TASK BRIEF: Only the pictures are to be left out; the listing itself is repeated exactly.

[DATA SHOWN — start]

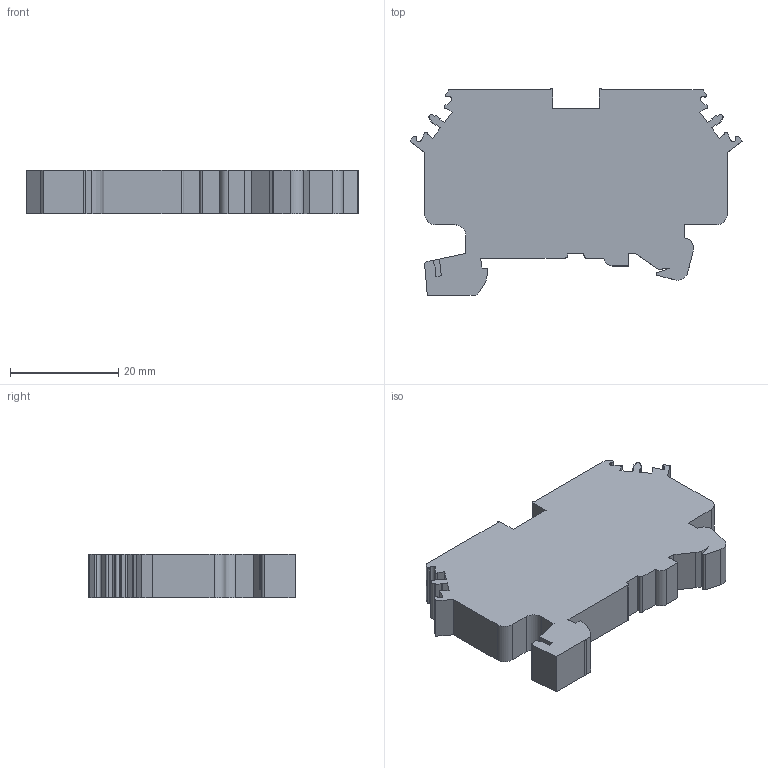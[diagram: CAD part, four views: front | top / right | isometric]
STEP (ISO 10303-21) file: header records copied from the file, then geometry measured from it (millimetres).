
FILE_DESCRIPTION((''),'2;1');
FILE_NAME('PRT0001','2024-02-27T',('dell'),(''),'PRO/ENGINEER BY PARAMETRIC TECHNOLOGY CORPORATION, 2013230','PRO/ENGINEER BY PARAMETRIC TECHNOLOGY CORPORATION, 2013230','');
FILE_SCHEMA(('AUTOMOTIVE_DESIGN { 1 0 10303 214 1 1 1 1 }'));
Length unit declared in the file: millimetre
Products named in the file (1): PRT0001
Bounding box: 61.4 x 38.25 x 8 mm (x, y, z)
Volume: 12557 mm3; surface area: 5954.2 mm2
Topology: 1 solids, 1 shells, 145 faces, 414 edges, 276 vertices
Faces by surface type: plane 107, cylinder 38
Entity records: 4784 total; most frequent: CARTESIAN_POINT 856, ORIENTED_EDGE 828, DIRECTION 772, EDGE_CURVE 414, VECTOR 338, LINE 338, VERTEX_POINT 276, AXIS2_PLACEMENT_3D 217

[DATA SHOWN — finish]

YOUR RESPONSE:
[diagram: CAD part, four views: front | top / right | isometric]
STEP (ISO 10303-21) file: header records copied from the file, then geometry measured from it (millimetres).
FILE_DESCRIPTION((''),'2;1');
FILE_NAME('PRT0001','2024-02-27T',('dell'),(''),'PRO/ENGINEER BY PARAMETRIC TECHNOLOGY CORPORATION, 2013230','PRO/ENGINEER BY PARAMETRIC TECHNOLOGY CORPORATION, 2013230','');
FILE_SCHEMA(('AUTOMOTIVE_DESIGN { 1 0 10303 214 1 1 1 1 }'));
Length unit declared in the file: millimetre
Products named in the file (1): PRT0001
Bounding box: 61.4 x 38.25 x 8 mm (x, y, z)
Volume: 12557 mm3; surface area: 5954.2 mm2
Topology: 1 solids, 1 shells, 145 faces, 414 edges, 276 vertices
Faces by surface type: plane 107, cylinder 38
Entity records: 4784 total; most frequent: CARTESIAN_POINT 856, ORIENTED_EDGE 828, DIRECTION 772, EDGE_CURVE 414, VECTOR 338, LINE 338, VERTEX_POINT 276, AXIS2_PLACEMENT_3D 217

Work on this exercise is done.